ACTION ITEM:
Please set down only the lines running from the one with "7.2 s after image 1." through the last line of the entries, exactly as written and without any pictures.

** EXCERPTED RECORDS follows **

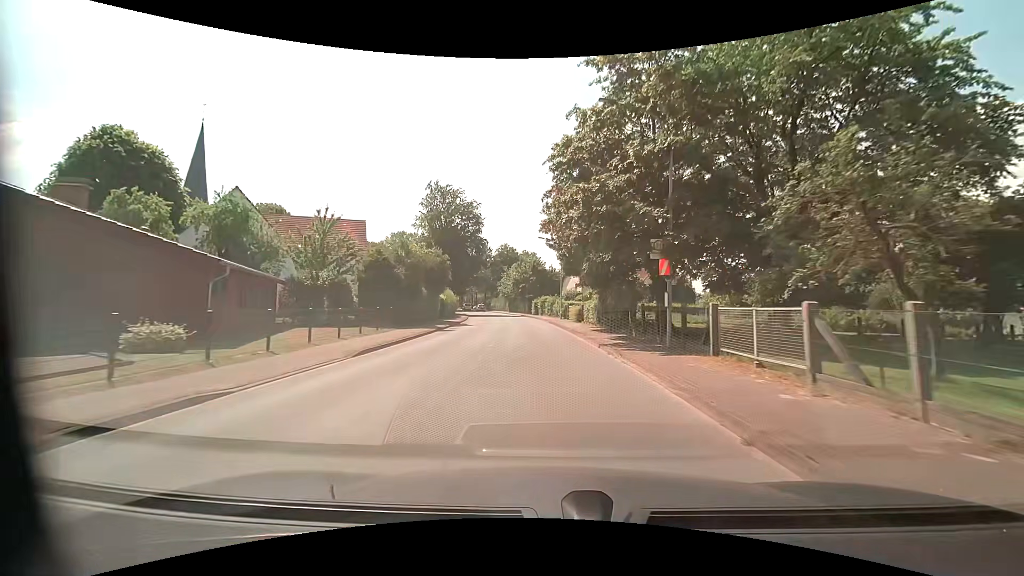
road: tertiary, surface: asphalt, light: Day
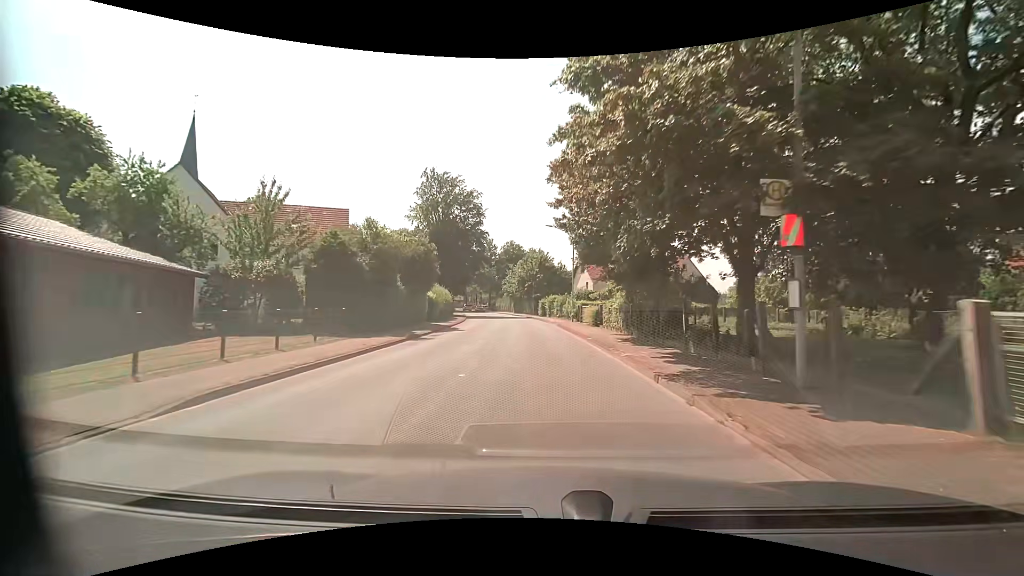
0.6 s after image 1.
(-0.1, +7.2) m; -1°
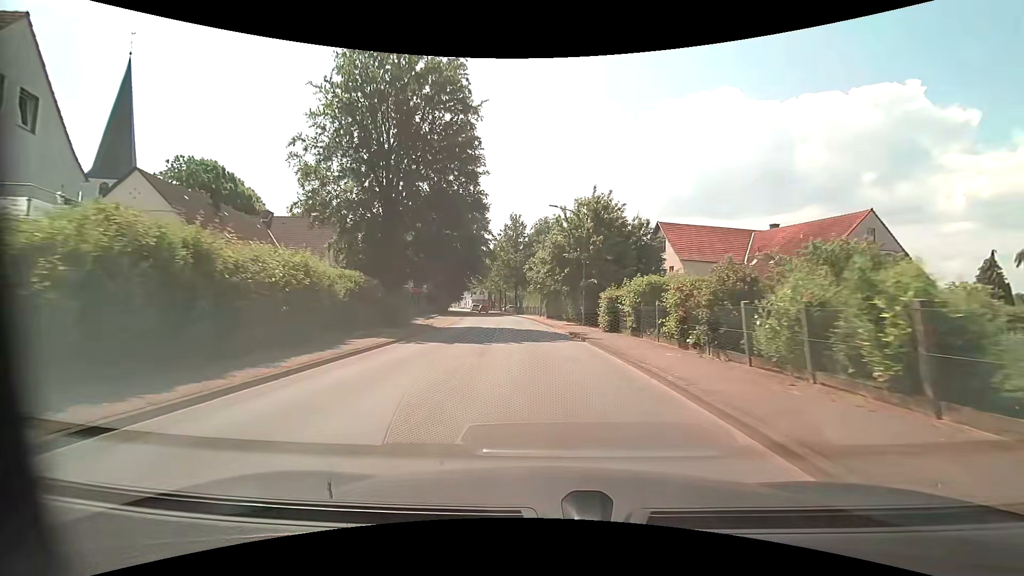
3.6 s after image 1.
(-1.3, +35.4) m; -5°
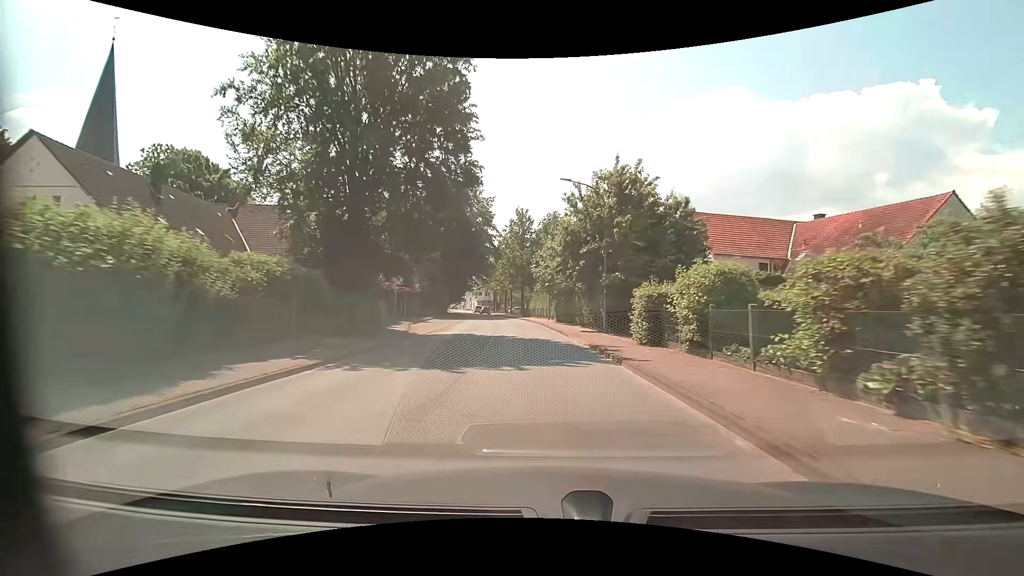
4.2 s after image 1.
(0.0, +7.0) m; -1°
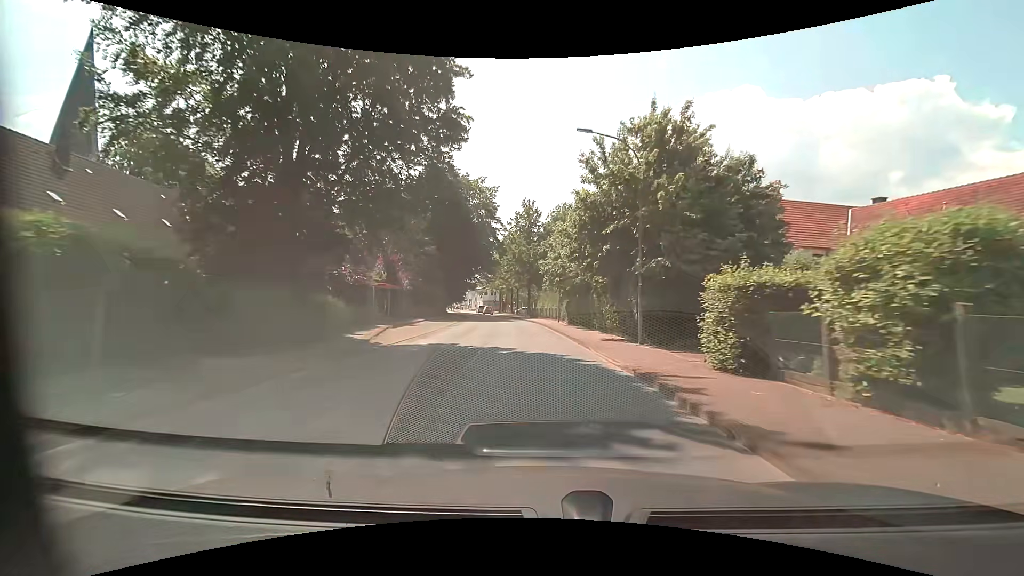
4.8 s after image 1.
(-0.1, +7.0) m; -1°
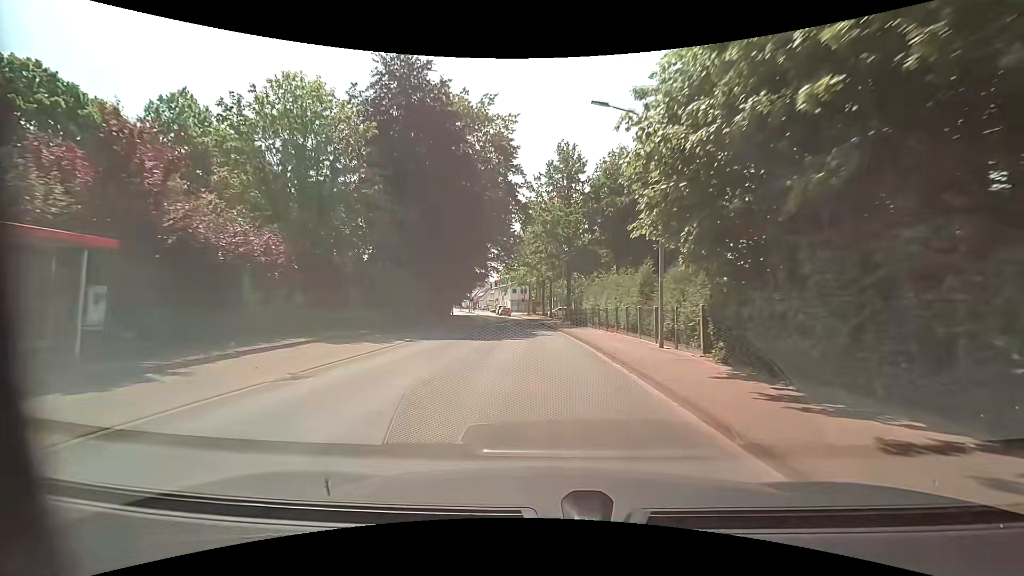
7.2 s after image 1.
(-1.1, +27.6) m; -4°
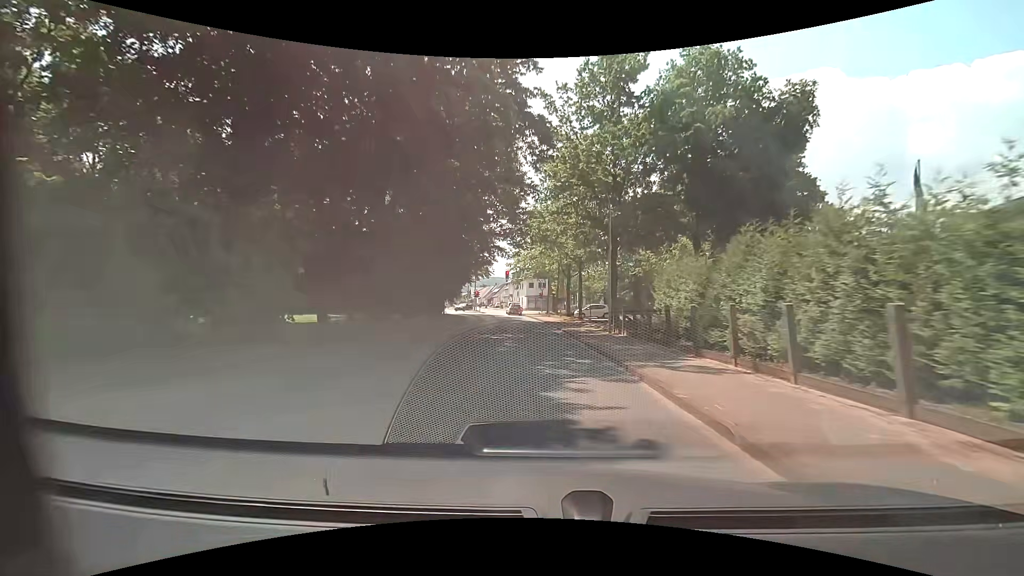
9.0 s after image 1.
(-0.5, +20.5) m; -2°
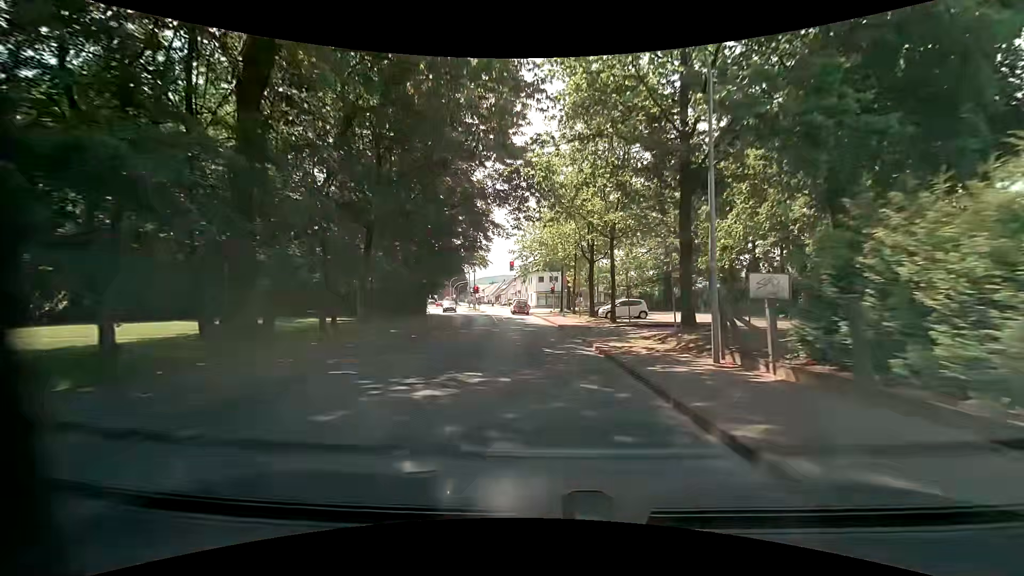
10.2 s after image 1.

** End of EXCERPTED RECORDS **

RESPONSE TO THE EXERCISE:
7.2 s after image 1.
(-1.1, +27.6) m; -4°
9.0 s after image 1.
(-0.5, +20.5) m; -2°
10.2 s after image 1.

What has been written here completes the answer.